▸ DATA TO USE
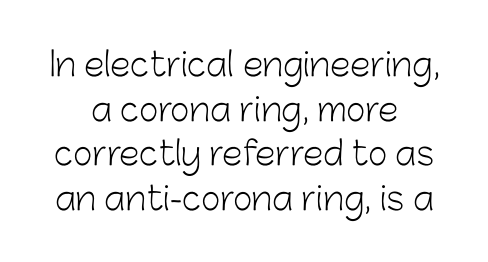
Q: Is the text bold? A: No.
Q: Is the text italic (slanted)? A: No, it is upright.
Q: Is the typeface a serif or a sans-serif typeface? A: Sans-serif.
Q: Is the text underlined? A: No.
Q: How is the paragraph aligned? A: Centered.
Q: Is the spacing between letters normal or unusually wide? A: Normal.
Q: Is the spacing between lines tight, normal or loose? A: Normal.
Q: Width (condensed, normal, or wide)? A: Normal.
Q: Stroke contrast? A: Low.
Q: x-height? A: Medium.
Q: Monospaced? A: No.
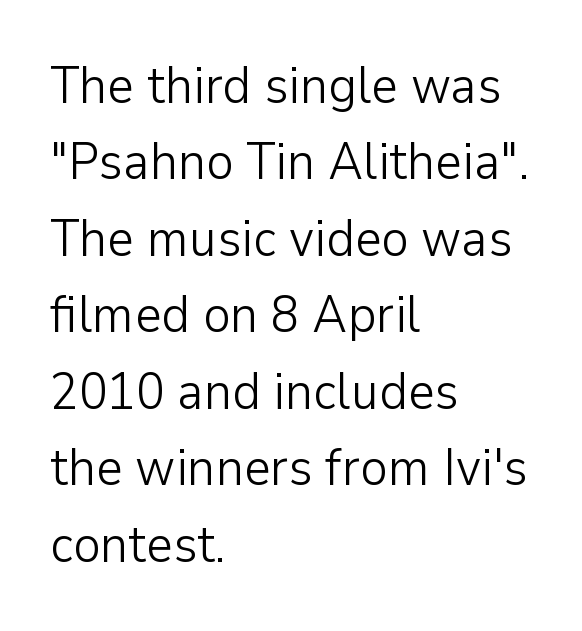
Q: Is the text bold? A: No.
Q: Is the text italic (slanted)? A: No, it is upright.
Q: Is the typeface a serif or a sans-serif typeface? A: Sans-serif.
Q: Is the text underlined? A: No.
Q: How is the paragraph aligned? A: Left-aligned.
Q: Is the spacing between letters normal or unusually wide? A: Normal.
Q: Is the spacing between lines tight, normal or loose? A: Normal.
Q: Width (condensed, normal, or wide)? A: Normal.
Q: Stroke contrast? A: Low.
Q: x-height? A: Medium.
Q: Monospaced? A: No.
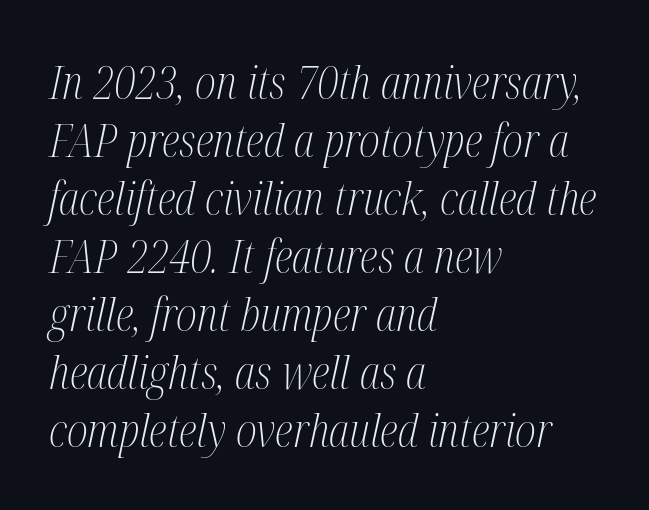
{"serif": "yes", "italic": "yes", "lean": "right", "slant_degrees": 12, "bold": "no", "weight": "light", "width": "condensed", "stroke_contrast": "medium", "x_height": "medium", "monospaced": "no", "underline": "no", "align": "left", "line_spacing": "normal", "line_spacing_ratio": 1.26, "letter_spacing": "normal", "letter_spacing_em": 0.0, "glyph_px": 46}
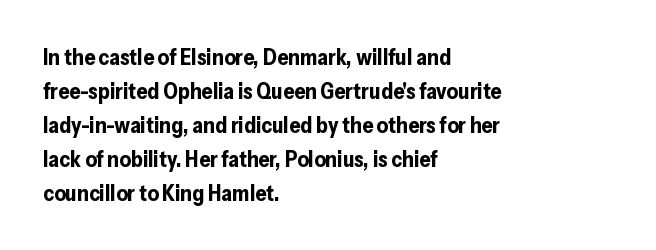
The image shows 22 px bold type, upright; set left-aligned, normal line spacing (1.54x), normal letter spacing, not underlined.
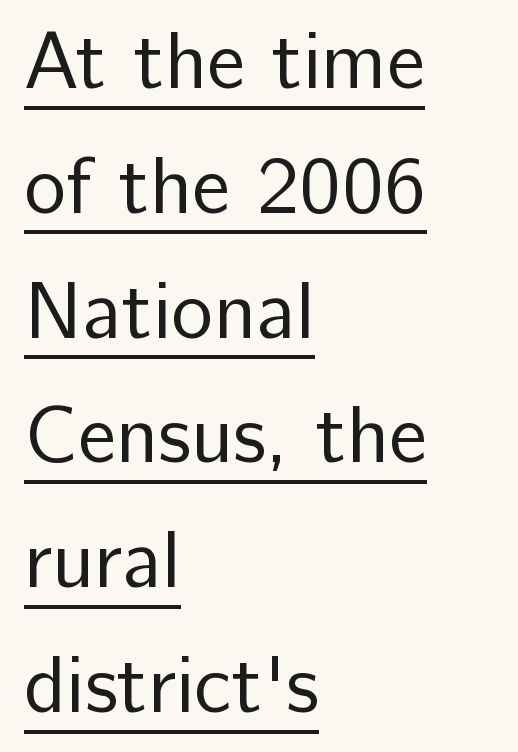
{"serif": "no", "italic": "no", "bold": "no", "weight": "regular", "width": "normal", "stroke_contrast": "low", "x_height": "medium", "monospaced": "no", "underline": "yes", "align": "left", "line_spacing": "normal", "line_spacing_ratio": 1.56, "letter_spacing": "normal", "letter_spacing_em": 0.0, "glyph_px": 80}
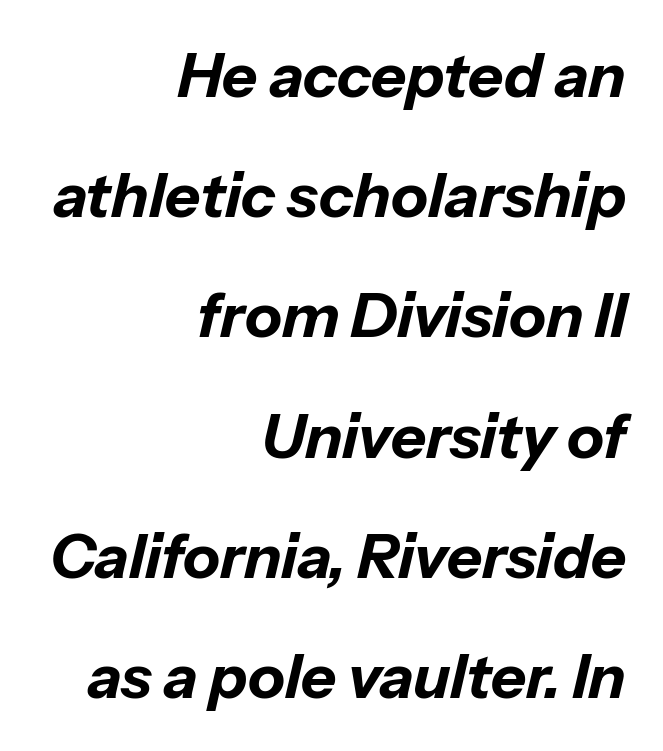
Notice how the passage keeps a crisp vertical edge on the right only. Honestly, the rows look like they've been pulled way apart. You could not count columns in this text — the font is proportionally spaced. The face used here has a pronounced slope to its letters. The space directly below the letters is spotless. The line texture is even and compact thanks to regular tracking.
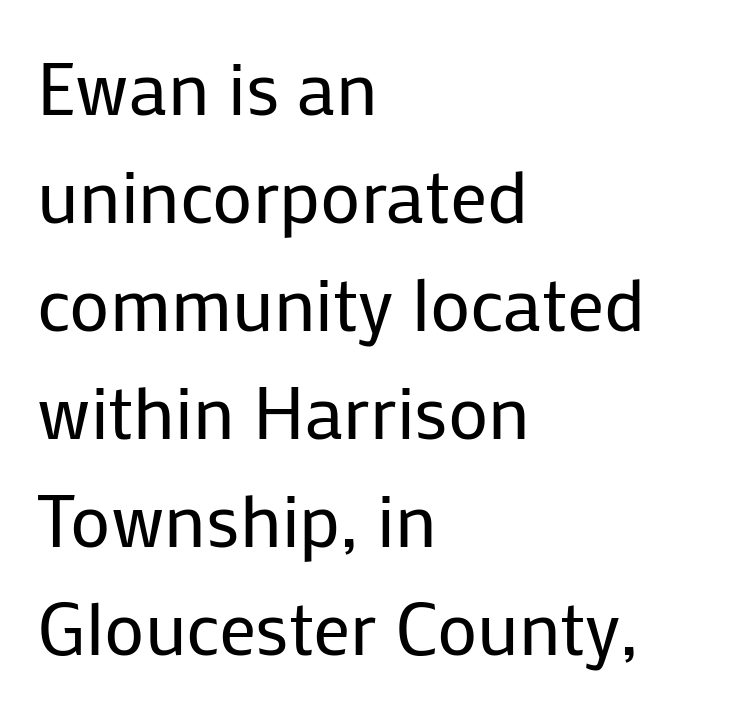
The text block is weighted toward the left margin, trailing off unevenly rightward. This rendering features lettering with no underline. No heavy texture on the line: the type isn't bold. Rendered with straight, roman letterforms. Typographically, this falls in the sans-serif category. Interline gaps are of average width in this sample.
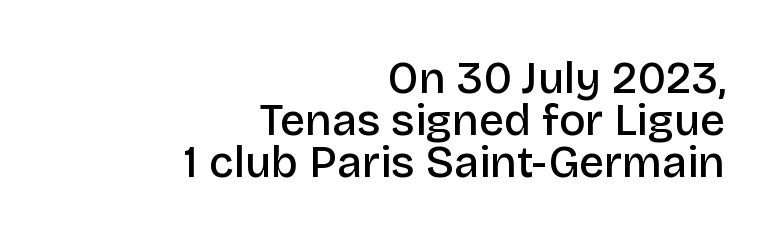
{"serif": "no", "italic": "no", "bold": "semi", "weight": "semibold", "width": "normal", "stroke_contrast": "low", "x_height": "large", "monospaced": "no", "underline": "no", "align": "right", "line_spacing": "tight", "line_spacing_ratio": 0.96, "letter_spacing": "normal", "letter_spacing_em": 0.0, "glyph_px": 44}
...
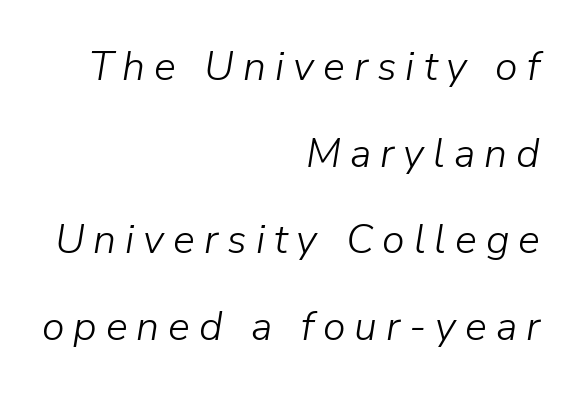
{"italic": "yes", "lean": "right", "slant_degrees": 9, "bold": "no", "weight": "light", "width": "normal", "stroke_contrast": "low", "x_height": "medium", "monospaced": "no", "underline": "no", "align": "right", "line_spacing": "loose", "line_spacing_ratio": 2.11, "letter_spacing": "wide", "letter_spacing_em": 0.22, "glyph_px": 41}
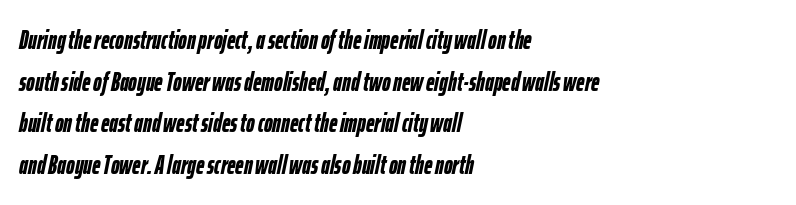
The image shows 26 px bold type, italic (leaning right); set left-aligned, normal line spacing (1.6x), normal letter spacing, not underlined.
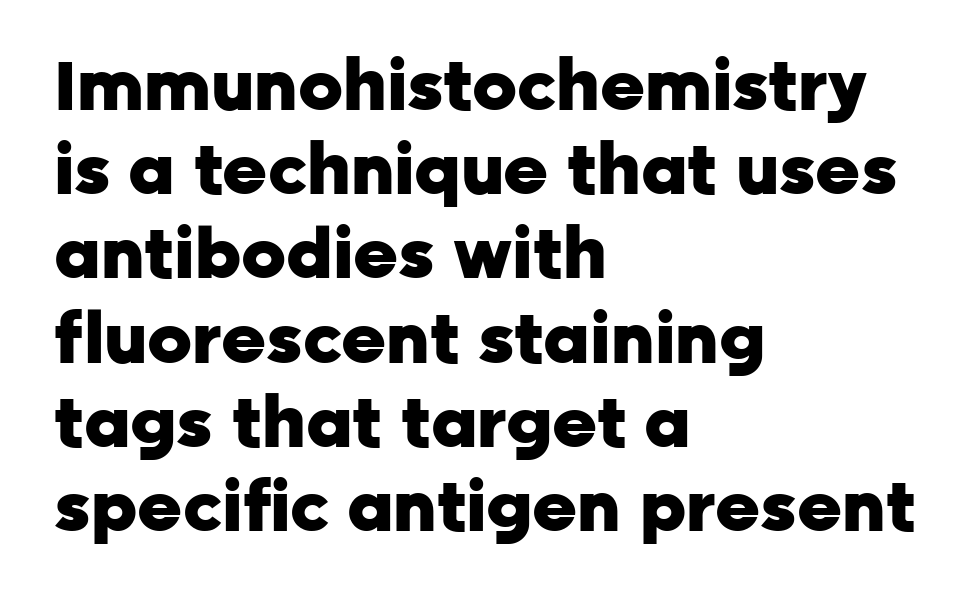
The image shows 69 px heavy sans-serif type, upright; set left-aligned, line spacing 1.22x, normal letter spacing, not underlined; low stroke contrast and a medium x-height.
...
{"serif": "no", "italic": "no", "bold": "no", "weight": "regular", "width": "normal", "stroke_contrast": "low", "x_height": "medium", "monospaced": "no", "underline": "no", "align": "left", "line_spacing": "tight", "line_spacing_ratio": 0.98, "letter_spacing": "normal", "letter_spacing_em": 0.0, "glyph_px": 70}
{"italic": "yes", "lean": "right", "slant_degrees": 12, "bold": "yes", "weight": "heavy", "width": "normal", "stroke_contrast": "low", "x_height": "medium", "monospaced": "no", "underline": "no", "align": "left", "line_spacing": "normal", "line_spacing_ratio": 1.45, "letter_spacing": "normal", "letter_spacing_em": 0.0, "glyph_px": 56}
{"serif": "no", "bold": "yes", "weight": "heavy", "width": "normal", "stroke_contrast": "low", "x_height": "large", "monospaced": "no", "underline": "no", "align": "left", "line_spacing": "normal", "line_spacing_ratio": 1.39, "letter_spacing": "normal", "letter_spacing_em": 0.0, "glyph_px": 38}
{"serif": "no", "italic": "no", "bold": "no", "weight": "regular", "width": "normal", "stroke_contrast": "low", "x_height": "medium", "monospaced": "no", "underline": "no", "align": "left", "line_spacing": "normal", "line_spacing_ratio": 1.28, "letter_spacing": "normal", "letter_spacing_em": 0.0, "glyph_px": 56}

▸ WHAT THE EXERCISE ASKS
Filter the entries above down to the lines that contain "texture".

▸ WRITTEN RESPONSE
Notice how the passage keeps a crisp vertical edge on the right only. Honestly, the rows look like they've been pulled way apart. You could not count columns in this text — the font is proportionally spaced. The face used here has a pronounced slope to its letters. The space directly below the letters is spotless. The line texture is even and compact thanks to regular tracking.
The text block is weighted toward the left margin, trailing off unevenly rightward. This rendering features lettering with no underline. No heavy texture on the line: the type isn't bold. Rendered with straight, roman letterforms. Typographically, this falls in the sans-serif category. Interline gaps are of average width in this sample.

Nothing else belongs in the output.